◆ Records from a data collection ◆
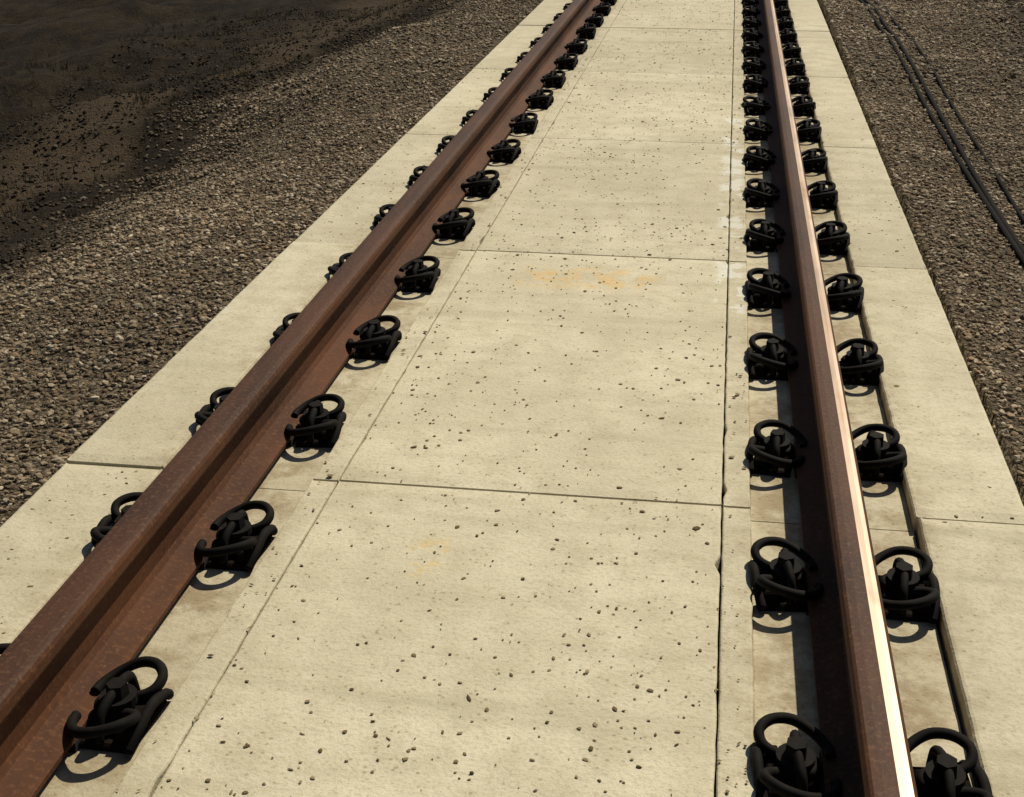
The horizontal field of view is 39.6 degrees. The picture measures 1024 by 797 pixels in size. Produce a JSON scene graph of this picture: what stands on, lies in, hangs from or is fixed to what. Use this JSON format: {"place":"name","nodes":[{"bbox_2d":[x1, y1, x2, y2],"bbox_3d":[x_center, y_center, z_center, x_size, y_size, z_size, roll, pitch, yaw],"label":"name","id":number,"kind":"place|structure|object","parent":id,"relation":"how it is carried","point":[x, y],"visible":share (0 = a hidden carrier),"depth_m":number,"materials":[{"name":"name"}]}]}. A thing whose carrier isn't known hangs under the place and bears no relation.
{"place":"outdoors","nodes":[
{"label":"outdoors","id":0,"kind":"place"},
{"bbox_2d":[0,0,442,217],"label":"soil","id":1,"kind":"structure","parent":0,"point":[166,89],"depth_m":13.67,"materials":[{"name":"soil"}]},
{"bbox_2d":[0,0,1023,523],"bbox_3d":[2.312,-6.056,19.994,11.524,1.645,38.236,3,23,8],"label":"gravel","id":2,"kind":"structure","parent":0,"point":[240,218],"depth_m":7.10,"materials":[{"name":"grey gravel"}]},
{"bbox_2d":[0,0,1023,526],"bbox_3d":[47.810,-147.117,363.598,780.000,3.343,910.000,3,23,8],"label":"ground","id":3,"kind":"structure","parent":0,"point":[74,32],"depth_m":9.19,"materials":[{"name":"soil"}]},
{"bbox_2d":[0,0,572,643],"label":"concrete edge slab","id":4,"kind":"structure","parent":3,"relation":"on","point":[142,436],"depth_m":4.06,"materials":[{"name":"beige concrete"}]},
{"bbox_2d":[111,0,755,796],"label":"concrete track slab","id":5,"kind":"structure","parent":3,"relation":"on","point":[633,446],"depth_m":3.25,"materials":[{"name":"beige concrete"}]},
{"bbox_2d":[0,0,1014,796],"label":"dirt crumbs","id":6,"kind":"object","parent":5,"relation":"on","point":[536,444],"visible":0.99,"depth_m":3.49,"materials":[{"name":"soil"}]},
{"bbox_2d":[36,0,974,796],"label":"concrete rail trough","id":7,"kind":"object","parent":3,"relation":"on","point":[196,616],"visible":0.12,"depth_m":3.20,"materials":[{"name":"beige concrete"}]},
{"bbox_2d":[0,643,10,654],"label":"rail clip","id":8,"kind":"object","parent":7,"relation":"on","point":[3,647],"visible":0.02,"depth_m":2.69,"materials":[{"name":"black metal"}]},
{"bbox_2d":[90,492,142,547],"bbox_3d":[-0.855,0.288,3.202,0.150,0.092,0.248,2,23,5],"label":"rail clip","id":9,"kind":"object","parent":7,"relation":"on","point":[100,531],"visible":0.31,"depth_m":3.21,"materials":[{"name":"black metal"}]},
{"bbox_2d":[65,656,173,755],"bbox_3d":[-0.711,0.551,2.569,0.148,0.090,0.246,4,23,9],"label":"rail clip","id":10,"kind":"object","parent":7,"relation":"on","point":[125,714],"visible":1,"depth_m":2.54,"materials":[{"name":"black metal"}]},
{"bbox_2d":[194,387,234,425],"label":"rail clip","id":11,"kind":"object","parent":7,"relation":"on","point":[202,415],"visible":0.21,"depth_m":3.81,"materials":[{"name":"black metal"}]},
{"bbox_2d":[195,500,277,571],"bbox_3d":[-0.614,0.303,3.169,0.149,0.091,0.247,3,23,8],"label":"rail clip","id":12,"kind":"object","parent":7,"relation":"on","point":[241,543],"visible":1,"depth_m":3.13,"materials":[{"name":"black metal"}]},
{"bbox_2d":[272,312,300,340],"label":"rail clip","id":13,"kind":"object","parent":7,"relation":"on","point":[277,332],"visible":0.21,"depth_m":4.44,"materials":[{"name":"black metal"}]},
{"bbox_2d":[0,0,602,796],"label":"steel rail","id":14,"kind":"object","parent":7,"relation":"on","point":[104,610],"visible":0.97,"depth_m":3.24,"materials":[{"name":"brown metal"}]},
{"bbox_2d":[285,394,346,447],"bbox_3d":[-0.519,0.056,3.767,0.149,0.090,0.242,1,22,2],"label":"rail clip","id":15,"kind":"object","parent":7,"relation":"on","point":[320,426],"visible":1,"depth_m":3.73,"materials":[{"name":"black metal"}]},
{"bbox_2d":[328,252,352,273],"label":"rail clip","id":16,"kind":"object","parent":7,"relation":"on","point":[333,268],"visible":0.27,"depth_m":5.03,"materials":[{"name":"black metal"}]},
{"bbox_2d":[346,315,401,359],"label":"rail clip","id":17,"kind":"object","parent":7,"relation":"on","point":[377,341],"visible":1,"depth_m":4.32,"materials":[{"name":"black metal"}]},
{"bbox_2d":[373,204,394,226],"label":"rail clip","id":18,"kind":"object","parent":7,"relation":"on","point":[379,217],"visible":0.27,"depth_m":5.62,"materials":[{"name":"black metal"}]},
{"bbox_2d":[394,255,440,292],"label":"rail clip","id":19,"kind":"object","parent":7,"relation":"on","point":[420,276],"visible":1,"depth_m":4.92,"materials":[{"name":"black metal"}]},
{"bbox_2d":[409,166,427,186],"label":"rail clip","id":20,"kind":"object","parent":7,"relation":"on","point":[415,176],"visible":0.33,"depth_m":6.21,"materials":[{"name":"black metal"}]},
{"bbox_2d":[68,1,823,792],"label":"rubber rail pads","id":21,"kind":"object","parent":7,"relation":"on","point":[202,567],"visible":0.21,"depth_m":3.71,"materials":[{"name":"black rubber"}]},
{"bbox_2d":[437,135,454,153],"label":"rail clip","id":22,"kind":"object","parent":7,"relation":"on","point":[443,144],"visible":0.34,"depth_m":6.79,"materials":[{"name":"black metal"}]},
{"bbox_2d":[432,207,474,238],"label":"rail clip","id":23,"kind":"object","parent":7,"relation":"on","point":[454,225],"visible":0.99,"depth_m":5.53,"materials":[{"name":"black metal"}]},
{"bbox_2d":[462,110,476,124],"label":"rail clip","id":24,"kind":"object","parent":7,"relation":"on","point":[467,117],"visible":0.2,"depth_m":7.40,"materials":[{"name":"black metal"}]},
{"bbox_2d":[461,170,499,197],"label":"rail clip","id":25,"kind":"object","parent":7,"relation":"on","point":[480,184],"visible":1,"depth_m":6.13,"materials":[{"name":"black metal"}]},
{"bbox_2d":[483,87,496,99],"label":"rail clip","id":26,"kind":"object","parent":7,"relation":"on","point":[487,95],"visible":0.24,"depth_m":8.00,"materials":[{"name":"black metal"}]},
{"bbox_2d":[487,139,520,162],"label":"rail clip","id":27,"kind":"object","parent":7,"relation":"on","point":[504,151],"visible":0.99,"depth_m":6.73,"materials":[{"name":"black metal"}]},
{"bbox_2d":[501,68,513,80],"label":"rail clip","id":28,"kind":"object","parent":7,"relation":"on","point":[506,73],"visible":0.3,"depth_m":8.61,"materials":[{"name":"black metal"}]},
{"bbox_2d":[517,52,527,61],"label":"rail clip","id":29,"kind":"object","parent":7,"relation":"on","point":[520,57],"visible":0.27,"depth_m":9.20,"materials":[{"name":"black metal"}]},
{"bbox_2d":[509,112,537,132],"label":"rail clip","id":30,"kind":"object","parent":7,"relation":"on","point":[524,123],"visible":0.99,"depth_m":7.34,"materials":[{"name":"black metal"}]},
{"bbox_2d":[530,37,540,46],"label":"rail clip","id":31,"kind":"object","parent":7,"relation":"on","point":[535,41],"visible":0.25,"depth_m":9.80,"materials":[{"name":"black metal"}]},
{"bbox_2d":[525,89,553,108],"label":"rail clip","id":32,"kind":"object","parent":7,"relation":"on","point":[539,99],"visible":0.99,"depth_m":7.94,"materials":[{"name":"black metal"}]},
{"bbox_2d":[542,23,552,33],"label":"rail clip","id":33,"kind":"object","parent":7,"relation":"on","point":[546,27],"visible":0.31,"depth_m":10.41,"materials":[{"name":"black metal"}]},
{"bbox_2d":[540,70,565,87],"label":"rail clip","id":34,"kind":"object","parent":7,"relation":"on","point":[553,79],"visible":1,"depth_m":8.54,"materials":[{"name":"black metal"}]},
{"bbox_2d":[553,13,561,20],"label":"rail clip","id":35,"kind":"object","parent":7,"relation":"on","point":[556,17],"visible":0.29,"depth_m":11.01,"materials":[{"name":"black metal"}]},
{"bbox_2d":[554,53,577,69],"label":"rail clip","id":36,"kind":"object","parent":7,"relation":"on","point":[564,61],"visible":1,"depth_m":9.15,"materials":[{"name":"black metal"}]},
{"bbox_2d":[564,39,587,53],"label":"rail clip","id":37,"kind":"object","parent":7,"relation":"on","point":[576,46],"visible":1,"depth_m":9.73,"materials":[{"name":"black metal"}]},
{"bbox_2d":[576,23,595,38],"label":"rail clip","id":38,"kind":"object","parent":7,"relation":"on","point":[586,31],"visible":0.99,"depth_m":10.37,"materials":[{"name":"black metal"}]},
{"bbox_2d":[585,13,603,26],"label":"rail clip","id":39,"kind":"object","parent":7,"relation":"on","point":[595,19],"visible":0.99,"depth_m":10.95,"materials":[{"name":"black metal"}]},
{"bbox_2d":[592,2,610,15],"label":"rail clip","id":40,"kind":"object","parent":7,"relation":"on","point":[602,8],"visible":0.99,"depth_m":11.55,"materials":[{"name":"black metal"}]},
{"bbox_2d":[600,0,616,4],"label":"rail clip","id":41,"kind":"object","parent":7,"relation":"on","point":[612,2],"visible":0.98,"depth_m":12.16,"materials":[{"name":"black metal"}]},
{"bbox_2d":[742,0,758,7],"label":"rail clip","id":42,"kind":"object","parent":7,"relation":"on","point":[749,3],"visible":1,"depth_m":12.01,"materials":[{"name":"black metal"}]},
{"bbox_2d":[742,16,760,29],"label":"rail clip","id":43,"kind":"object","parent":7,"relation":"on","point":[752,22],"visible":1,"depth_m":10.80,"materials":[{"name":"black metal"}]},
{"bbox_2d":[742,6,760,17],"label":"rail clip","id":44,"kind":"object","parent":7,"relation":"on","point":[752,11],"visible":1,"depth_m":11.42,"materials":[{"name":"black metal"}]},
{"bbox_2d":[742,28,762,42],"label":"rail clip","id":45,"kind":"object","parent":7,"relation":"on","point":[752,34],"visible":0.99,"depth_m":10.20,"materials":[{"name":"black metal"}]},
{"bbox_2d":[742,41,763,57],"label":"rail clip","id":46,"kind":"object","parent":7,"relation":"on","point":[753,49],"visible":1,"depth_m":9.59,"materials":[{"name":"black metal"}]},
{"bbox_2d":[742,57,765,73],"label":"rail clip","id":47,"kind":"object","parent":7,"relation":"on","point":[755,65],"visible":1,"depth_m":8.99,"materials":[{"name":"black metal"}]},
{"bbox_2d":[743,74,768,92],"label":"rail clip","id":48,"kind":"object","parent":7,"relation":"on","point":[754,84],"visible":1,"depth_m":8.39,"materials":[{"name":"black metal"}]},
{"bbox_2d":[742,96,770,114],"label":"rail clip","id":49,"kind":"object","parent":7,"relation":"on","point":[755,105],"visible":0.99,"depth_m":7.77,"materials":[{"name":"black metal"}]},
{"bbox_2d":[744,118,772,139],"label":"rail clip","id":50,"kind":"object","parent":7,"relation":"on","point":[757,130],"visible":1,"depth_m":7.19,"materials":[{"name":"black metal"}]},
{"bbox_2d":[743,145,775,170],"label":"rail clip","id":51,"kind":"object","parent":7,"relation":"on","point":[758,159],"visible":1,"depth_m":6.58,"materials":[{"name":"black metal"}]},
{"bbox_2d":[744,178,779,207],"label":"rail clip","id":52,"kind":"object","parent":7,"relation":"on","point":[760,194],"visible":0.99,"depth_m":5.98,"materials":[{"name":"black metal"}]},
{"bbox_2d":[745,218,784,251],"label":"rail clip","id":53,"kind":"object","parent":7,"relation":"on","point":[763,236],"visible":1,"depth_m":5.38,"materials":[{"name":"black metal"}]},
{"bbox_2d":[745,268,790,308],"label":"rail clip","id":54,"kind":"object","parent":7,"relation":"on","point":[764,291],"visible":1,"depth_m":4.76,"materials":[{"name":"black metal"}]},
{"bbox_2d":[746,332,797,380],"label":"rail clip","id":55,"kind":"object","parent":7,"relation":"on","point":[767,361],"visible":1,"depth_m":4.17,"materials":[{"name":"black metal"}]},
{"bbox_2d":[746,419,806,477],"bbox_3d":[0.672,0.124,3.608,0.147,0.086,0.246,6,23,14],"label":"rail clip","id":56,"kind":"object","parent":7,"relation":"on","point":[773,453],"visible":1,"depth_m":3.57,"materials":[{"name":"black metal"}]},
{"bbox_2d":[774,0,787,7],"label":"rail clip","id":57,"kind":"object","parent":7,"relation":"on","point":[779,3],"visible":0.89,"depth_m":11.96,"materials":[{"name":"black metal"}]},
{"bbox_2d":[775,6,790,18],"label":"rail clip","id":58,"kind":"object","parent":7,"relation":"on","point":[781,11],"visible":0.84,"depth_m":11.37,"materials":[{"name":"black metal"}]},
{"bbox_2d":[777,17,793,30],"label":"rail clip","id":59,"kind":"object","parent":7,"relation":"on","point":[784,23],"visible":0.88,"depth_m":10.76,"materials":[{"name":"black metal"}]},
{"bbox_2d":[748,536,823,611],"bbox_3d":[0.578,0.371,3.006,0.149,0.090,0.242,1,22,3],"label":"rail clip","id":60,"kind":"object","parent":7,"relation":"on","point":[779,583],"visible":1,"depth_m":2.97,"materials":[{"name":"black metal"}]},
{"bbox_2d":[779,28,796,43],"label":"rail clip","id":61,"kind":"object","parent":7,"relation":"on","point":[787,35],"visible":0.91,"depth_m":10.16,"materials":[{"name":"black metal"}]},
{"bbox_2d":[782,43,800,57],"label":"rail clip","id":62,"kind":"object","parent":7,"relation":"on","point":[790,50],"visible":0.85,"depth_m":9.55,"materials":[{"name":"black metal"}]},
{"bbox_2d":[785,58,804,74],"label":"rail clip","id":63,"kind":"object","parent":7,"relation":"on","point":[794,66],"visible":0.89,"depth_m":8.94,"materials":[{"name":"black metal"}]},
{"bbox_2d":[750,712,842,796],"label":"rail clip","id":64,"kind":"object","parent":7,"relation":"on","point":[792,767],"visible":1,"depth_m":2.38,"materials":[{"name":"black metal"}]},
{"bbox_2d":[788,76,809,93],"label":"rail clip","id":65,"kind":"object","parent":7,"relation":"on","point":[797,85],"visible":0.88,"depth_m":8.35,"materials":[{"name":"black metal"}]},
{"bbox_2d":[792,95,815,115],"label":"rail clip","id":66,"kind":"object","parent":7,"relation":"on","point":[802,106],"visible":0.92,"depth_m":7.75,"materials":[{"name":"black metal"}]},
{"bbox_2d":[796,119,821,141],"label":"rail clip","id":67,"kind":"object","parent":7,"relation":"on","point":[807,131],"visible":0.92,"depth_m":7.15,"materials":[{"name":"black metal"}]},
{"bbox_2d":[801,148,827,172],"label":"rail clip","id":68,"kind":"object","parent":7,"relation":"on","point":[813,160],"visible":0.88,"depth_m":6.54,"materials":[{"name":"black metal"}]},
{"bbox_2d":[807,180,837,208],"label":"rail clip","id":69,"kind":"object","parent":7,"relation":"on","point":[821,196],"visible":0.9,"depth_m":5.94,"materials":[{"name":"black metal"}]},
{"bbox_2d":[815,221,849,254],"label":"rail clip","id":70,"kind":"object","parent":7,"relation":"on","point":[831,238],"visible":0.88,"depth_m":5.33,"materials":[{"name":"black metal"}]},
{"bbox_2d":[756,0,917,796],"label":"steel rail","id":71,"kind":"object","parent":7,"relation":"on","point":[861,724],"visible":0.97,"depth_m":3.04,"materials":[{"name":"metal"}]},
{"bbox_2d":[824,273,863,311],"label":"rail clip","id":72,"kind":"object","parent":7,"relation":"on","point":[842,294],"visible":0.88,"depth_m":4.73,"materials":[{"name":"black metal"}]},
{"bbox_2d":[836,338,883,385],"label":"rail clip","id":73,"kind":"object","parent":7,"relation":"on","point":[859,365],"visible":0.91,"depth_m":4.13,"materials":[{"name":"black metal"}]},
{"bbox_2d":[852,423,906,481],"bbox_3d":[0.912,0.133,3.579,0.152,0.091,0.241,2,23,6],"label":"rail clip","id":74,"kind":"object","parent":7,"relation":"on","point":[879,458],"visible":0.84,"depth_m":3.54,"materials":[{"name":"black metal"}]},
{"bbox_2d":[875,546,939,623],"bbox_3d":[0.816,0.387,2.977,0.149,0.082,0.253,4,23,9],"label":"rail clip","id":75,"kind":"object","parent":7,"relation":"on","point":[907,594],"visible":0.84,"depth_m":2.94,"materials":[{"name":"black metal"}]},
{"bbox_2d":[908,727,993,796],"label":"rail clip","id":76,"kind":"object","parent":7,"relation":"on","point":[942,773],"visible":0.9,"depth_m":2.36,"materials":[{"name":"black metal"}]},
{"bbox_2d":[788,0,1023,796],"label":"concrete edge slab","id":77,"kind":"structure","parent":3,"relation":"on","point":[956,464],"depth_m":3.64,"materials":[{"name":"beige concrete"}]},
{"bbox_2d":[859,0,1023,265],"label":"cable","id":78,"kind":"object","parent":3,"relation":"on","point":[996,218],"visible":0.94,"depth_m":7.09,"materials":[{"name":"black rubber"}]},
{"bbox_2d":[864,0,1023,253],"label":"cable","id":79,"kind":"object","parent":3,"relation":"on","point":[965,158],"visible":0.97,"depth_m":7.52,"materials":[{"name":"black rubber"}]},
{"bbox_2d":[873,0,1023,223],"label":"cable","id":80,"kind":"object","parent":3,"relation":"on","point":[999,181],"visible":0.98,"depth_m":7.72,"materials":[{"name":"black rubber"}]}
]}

◆ Work to be completed ◆
From the data above, copy every line where "edge" appears.

◆ Task response ◆
{"bbox_2d":[0,0,572,643],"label":"concrete edge slab","id":4,"kind":"structure","parent":3,"relation":"on","point":[142,436],"depth_m":4.06,"materials":[{"name":"beige concrete"}]},
{"bbox_2d":[788,0,1023,796],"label":"concrete edge slab","id":77,"kind":"structure","parent":3,"relation":"on","point":[956,464],"depth_m":3.64,"materials":[{"name":"beige concrete"}]},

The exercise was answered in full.